● PROBLEM TO SOLVE
Using the entries that follow, write out the line containing "Q: How is the paragraph aligned? A: Centered.", the line containing "loose? A: Loose.", and every line between them, exactly and nothing else.

● LISTED ENTRIES
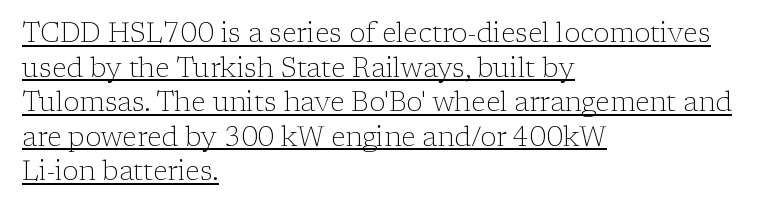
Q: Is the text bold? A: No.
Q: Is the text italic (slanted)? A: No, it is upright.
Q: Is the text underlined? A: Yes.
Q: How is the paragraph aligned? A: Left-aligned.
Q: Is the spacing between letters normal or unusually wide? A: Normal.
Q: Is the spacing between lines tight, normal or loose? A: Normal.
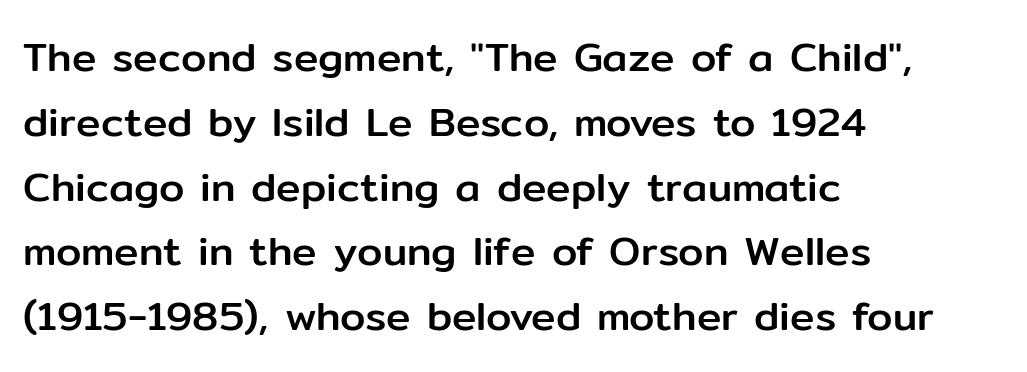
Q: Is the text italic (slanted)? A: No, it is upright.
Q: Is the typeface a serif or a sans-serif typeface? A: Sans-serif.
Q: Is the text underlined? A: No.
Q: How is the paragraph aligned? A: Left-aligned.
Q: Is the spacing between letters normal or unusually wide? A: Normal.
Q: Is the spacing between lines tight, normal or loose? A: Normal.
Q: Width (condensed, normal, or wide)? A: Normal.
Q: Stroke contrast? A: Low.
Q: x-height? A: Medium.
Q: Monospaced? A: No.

--

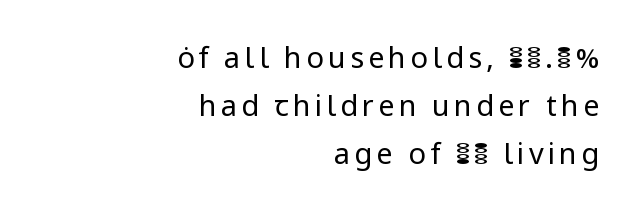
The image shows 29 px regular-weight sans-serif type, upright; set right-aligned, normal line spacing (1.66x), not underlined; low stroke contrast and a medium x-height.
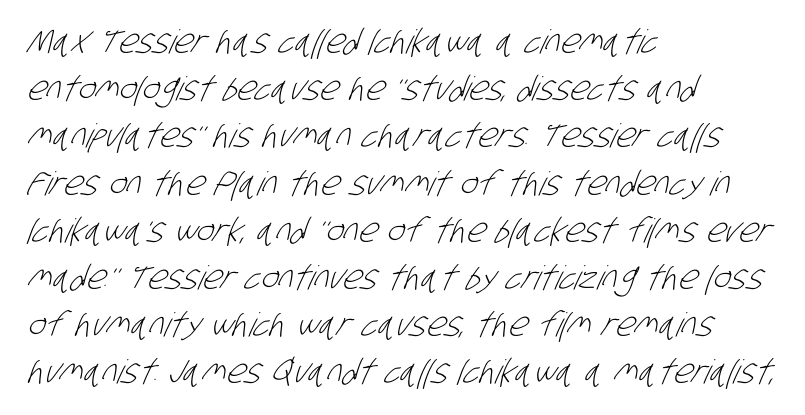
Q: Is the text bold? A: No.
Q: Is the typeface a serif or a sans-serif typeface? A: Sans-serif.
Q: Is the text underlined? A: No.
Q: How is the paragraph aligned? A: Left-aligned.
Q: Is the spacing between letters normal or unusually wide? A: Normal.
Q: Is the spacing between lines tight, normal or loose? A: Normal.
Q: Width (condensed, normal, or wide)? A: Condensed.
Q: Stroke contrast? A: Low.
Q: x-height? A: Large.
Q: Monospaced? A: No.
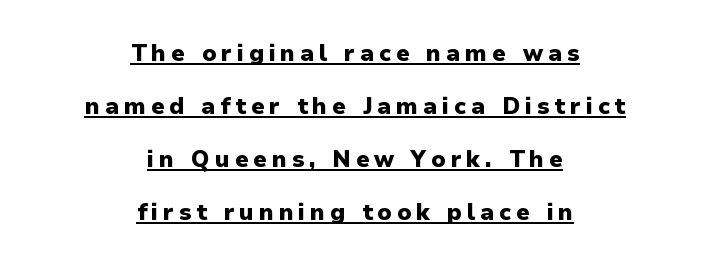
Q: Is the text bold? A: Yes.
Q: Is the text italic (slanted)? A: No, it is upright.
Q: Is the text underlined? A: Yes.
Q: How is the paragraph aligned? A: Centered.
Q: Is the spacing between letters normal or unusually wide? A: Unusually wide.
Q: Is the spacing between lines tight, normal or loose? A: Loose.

● TASK RESPONSE
Q: How is the paragraph aligned? A: Centered.
Q: Is the spacing between letters normal or unusually wide? A: Unusually wide.
Q: Is the spacing between lines tight, normal or loose? A: Loose.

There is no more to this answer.